Mit Dan Perjovschi spielt wieder ein Rumäne in der globalen Kultur mit. Für viele war da bisher nur Dracula – bis Perjovschi kam und mit dem dicksten Edding, den es zu kaufen gibt, seine Karikaturen in die Foyers und auf die Fassaden der großen Museen der Welt zeichnete, dass sie aussahen wie riesige vollgekritzelte Schreibtischunterlagen. Sein Atelier liegt im Zentrum von Bukarest. Staub, überall. An den Wänden Regale, die sich unter der Last von Ausstellungskatalogen biegen, die Dan Perjovschi und seine Frau von ihren vielen Auslandsreisen mitgebracht haben.

In der Mitte steht ein langer Tisch, an dem er in den kargen wie euphorischen Jahren nach Ceauşescus Sturz mit Freunden saß, und sie darüber debattierten, wie eine gerechte Gesellschaft aussehen sollte. Ein Blick aus dem Fenster zeigt, was daraus geworden ist: Der Rohbau eines Hochhauses ragt über die Sankt-Joseph-Kathedrale hinaus. Bukarests Bebauungsplan erlaubt hier nur sechs Stockwerke. Dem Bauherrn war es egal. Es gab einen Baustopp, und das Gerippe wurde zum Symbol der Selbstherrlichkeit von Rumäniens neuer Wirtschaftselite.

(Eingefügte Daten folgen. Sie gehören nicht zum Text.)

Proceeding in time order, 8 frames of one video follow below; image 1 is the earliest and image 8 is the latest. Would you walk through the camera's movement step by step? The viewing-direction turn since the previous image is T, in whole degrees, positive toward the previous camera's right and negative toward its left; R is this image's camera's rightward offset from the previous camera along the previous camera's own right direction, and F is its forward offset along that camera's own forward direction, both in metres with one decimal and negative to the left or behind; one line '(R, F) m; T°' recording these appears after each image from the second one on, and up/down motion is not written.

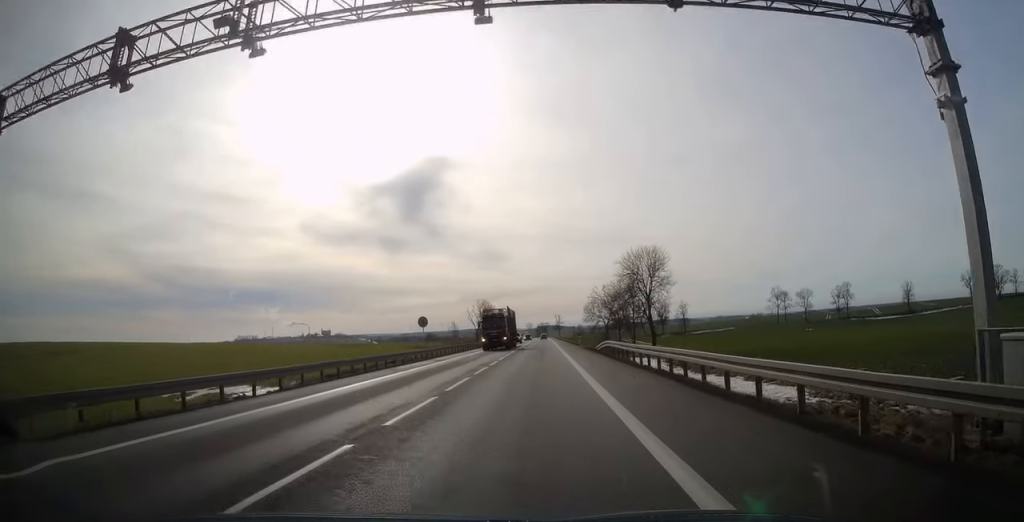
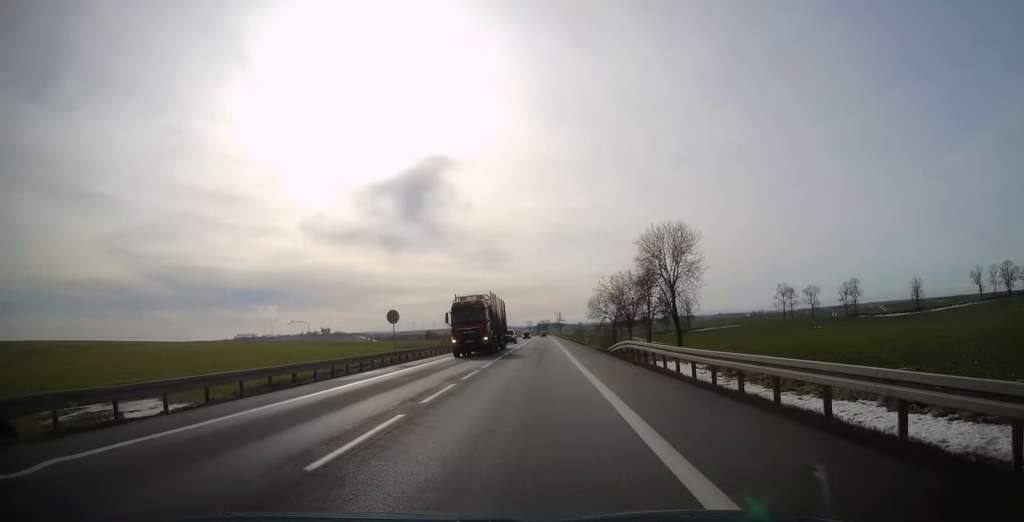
(0.0, +8.9) m; 0°
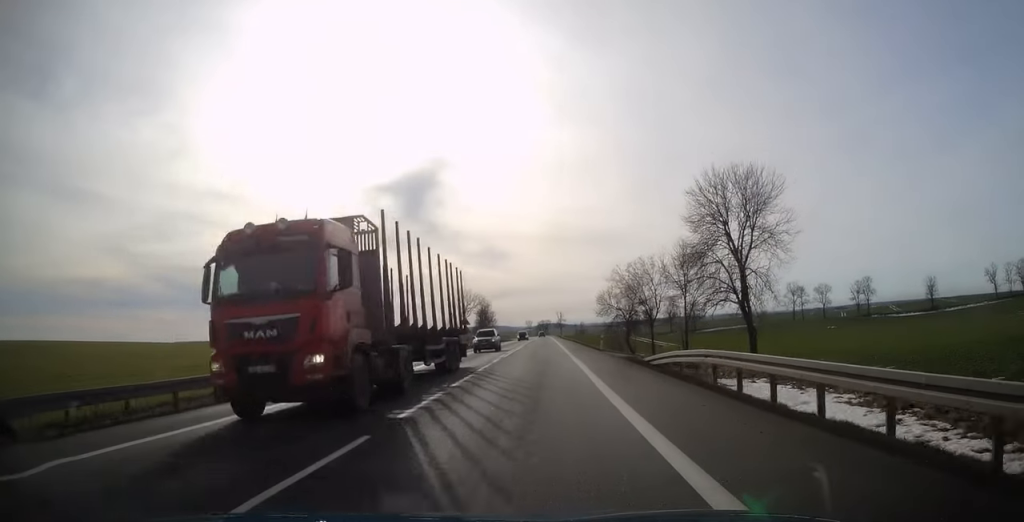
(-0.1, +13.5) m; 0°
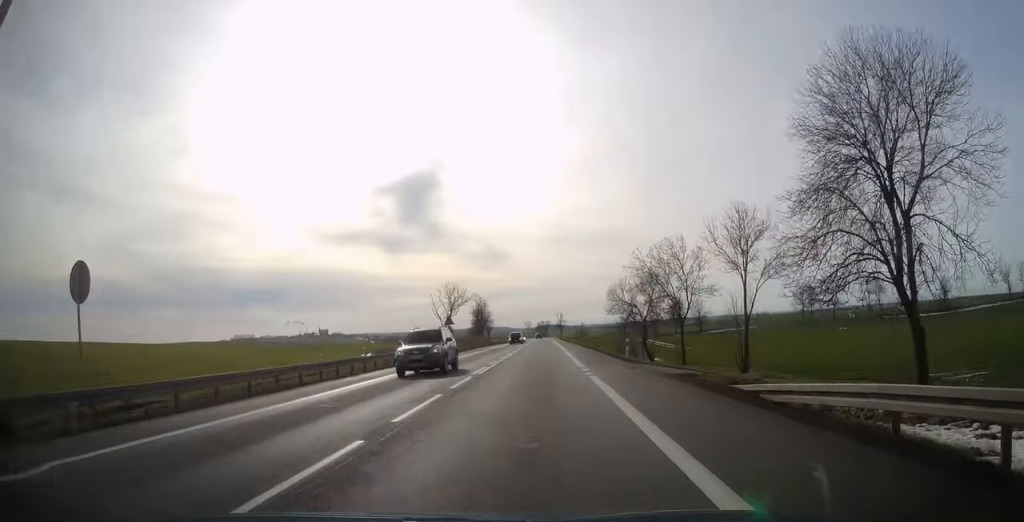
(0.0, +12.0) m; 0°
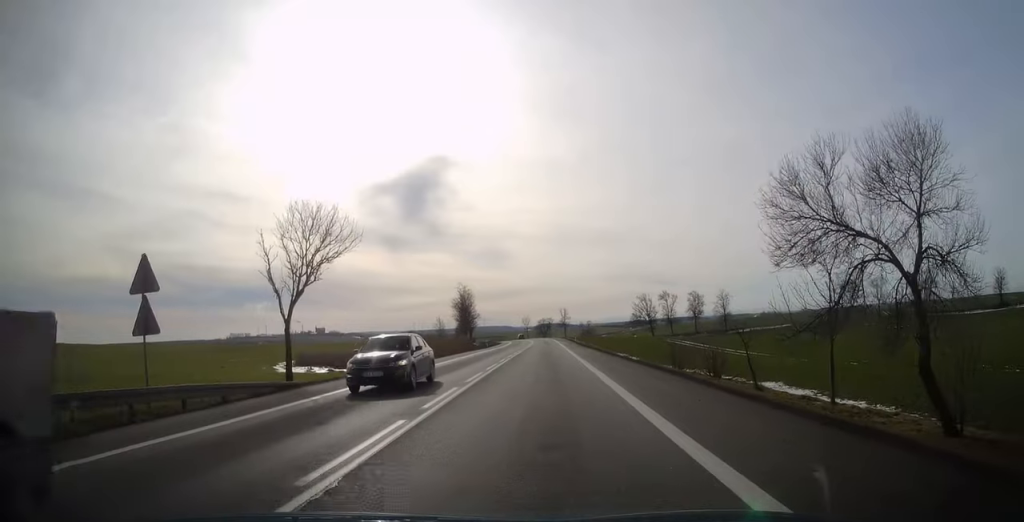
(-0.1, +43.8) m; 0°
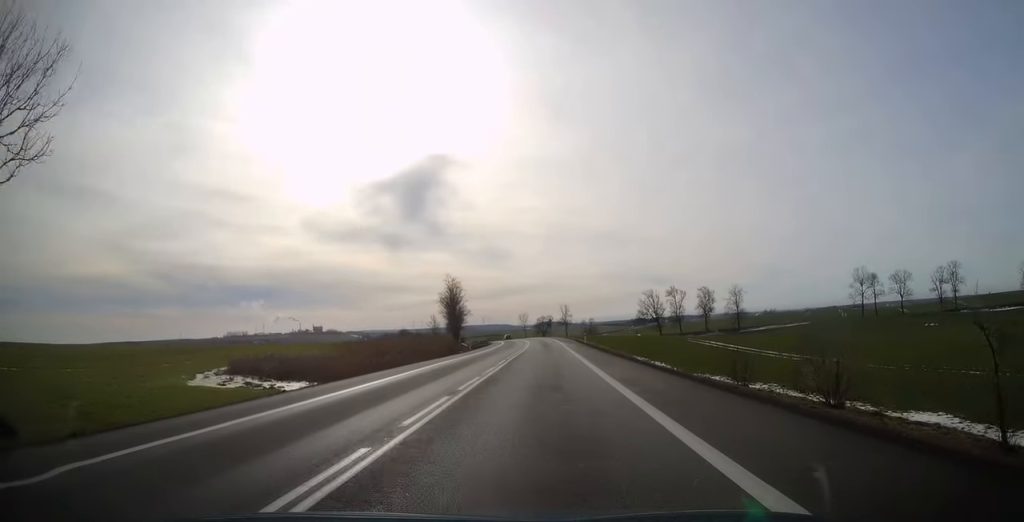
(0.0, +19.5) m; 0°
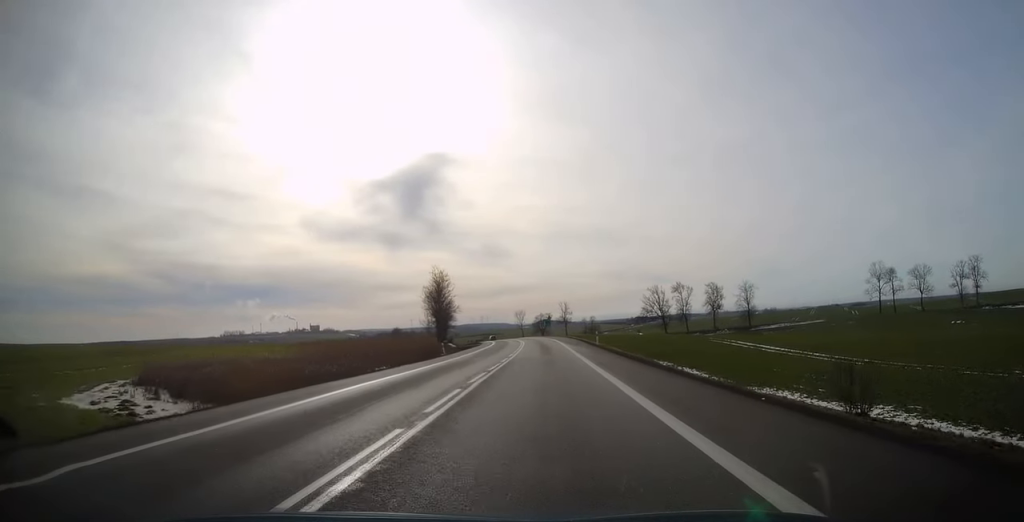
(0.0, +15.9) m; 0°
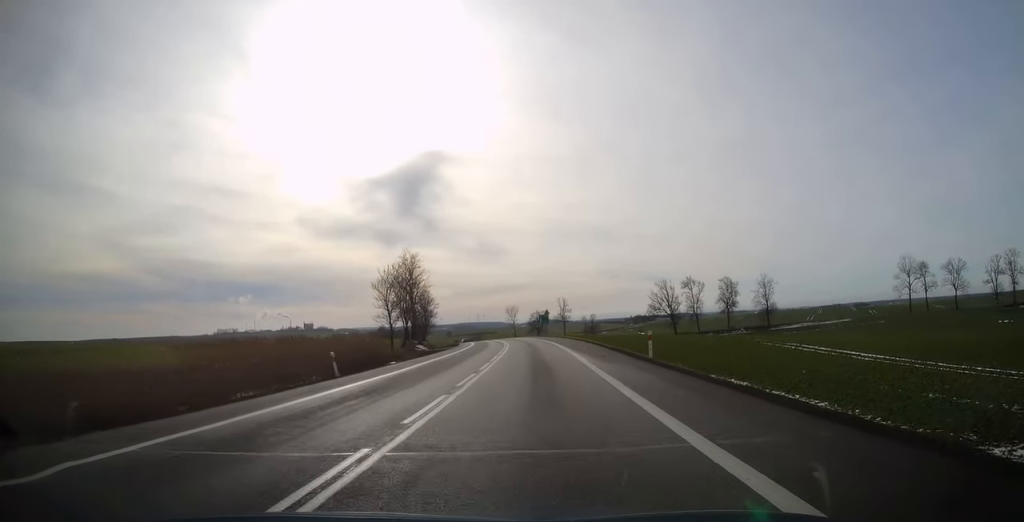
(-0.1, +24.9) m; 0°

Dan Perjovschi öffnet eine Thermoskanne mit Kaffee, den er von zu Hause mitgebracht hat. Seine Bescheidenheit fällt auf in der Kunstwelt, die sich in der kapitalistischen Überflussgesellschaft eingenistet hat. Sie hat Perjovschi zu einem ihrer Stars erklärt: Platz zwei des aktuellen Capital-Kunstkompasses, der die Aufsteiger des Jahres misst. Hinter Bruce Nauman. Vor Polke und Gerhard Richter. Und trotzdem: dieses sperrmüllmöblierte Atelier.

Trotzdem oder gerade deshalb: seine selten und garantiert selbst geschnittenen Haare, dazu trägt Perjovschi einen Vollbart. Der alte Ost-Dissidentenstil. Er lehnt jeden Luxus ab, sogar jede Form der Zerstreuung. Nicht mal aus gutem Essen macht er sich etwas. "Im Kommunismus lernt man, alles zu essen", sagt er lachend, abwinkend. Und als man ihn fragt, ob er gern tanze, weil seine Gesten so geschmeidig sind, schaut er fast ein wenig erschrocken. Heftiges Kopfschütteln: "No dancing!"

Sein einziges Vergnügen, sagt er, bestehe darin, an einer Wand zu zeichnen. Er zieht einen kleinen Block aus seiner Tasche. Ohne den verlässt er nicht das Haus. "Ich jage meine Motive auf der Straße", sagt er und lacht – wohl auch, weil die Jagd das Lieblingshobby der neureichen Rumänen ist und schon deshalb für ihn im Grunde tabu.

Doch er unternimmt seine Jagdausflüge im Linienbus. In Köln hat er 2005 ein Strichmännchen gefunden, das durch das O im Wort Job rutscht. Ein paar Jahre später, im nach dem 11. September paranoiden New York, ließ er sich zu einem Männchen inspirieren, das der Freiheitsstatue unter den Rock schaut. Er setzt sich mit seinem Block auch in Cafés, Parks oder vor einen Fernseher irgendwo auf der Welt, wo ihm ein Museum wieder eine weiße Wand überantwortet hat. "Zufallsrecherchen", sagt er, um ein Gespür zu bekommen für die Stimmungen der Zeit.

Seine weltpolitischen Bezüge unterscheiden ihn von vielen anderen Künstlern aus dem ehemaligen Ostblock wie etwa den Malern der Leipziger Schule, die ihre Herkunft vor sich hertragen. Hier knüpft nicht einer, wie auch immer, an den sozialistischen Realismus an. Hier mischt sich einer ein, der aus einer Ecke der Welt stammt, aus der sonst nur billige Arbeit kommt. Typisch rumänisch, sagt Perjovschi, sei nur sein Humor, die Distanz, die er zum Politischen wahre. Ohne die hätte er Ceauşescus Diktatur nicht ausgehalten.